[DATA IN THIS EXERCISE Boundary: Start]

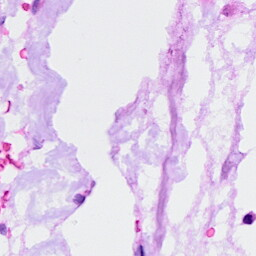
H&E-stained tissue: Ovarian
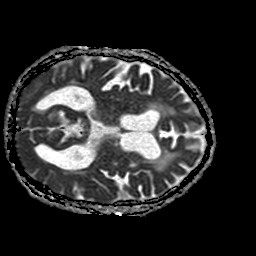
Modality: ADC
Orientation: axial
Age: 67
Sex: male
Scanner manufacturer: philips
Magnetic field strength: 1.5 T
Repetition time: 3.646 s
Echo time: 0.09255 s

[DATA IN THIS EXERCISE Boundary: End]

The expected answer is the data retyped exactly, without pictures.

# ANSWER TO THIS PROBLEM:
H&E-stained tissue: Ovarian
Modality: ADC
Orientation: axial
Age: 67
Sex: male
Scanner manufacturer: philips
Magnetic field strength: 1.5 T
Repetition time: 3.646 s
Echo time: 0.09255 s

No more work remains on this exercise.